Four days after H-1B applications for the financial year 2020 opened, authorities were still not certain if they have met the annual cap of 85,000 visa applications for the year.
On April 06, the US Citizenship and Immigration Services (USCIS) announced it had reached the congressionally-mandated cap of 65,000 visas in the regular category. However, the federal agency was still determining whether it has “received a sufficient number of petitions to meet the 20,000 H-1B visas in the US advanced degree exemption, known as the master’s cap.”
This means the H-1B caps are filling up slower than earlier. By the same time last year and the year before, the upper limit had been breached.
The fewer applications this year can be attributed to the overall hostile environment for working immigrants under the Donald Trump administration, experts say.
There is a “chilling effect on employers from these attacks in the last two years. When employers need foreign talent but cannot rely on it being approved, it creates uncertainty, drives up costs, and makes us less competitive as a nation in these speciality occupations,” Hassan Ahmad, an immigration lawyer and advocate in Northern Virginia, told Quartz. “The talent in this knowledge economy is there, and it will continue to migrate elsewhere if we don’t start employing common sense and depoliticise immigration.”
The perpetual rush
Earlier, when the cap used to be higher at 195,000, employers took their time to apply. But that changed in 2004 when the cap was brought down to 65,000.
An overwhelming race then ensued from a mix of new and old applicants. The computer randomly allots 20,000 visas to advanced degree holders first. Then, those who are left out are added to the pool with undergraduates, and another 65,000 visas are doled out.
“For the past few years, hundreds of thousands of potential high-quality H-1B visa holders haven’t been selected for the lottery. So, they apply again the following year. This, in addition to new immigrants becoming eligible for H-1B, makes the caps fill faster,” explained Rohit Mittal, co-founder and CEO of Stilt, a company that facilitates loans for immigrants, non-US citizens, international students and other visa holders. “Also, several consulting companies file for more H-1Bs than they really need.”
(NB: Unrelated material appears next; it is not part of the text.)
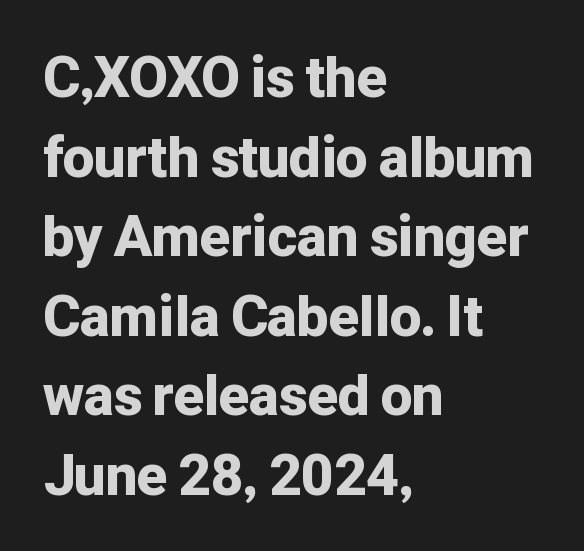
{"serif": "no", "italic": "no", "bold": "yes", "weight": "bold", "width": "normal", "stroke_contrast": "low", "x_height": "medium", "monospaced": "no", "underline": "no", "align": "left", "line_spacing": "normal", "line_spacing_ratio": 1.42, "letter_spacing": "normal", "letter_spacing_em": 0.0, "glyph_px": 56}

Since 2014, the cap has filled within five days of opening. In order to “avoid missing the opportunity and having to wait another year,” employers submit their petitions exactly when the cap opens, according to Richard Burke, CEO of global immigration firm Envoy.
After all, companies are still keen as ever to apply. Despite Trump’s clampdown, 80% of the employers expect their foreign national headcount to increase or remain stable this year, according to Envoy’s 2019 Immigration Trends Report.
This year’s slowdown
Though the exact number of petitions has not yet been revealed, the figures have been trending downwards since Trump took office in January 2017.
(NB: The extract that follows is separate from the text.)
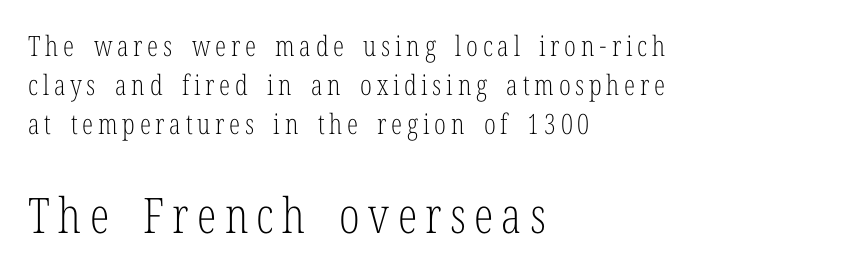
The image shows 49 px light, condensed serif type, upright; set left-aligned, normal line spacing (1.39x), not underlined; the second (bottom) block is 1.75x larger; low stroke contrast and a medium x-height.

This year, too, experts expect a lower number.
“…there was a decline in the number of student visa applications to the States which should impact the number of
H-1B visa applications were filed this year,” said Abhinav Lohia, director of South Asia and the Middle East at EB-5 investor via firm CanAm Investor Services.
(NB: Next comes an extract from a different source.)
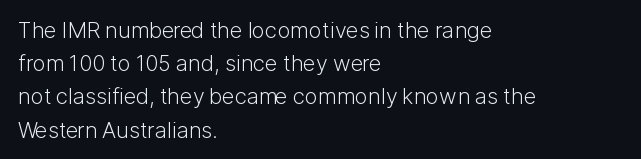
Tall strokes in this sample are plumb rather than angled. Weight: regular or lighter. Tracking value appears to be zero — textbook default spacing. The passage shown stacks its lines at a standard gap. The lines in this sample share a left origin and differ only in where they stop. Anything drawn beneath the words? Only blank space.

According to a survey conducted by the Institute of International Education, enrollment of first-time international students fell an average of 7% in fall 2017 from a year ago across 522 US institutions.
Plus, with the government stepping up scrutiny, doling out more requests for evidence (RFEs) and outright denials than before, employers are shying away from going through the entire $1,410 application process. Although they do get their money back, it’s time-consuming and costly.
“While Trump doesn’t play a direct role in decision-making, the government’s attitudes and internal memos have a lot of bearing on the way visa applications are adjudicated,” said Lohia.” When the petitions are overly scrutinised and denied it definitely discourages employers from hiring foreign nationals.”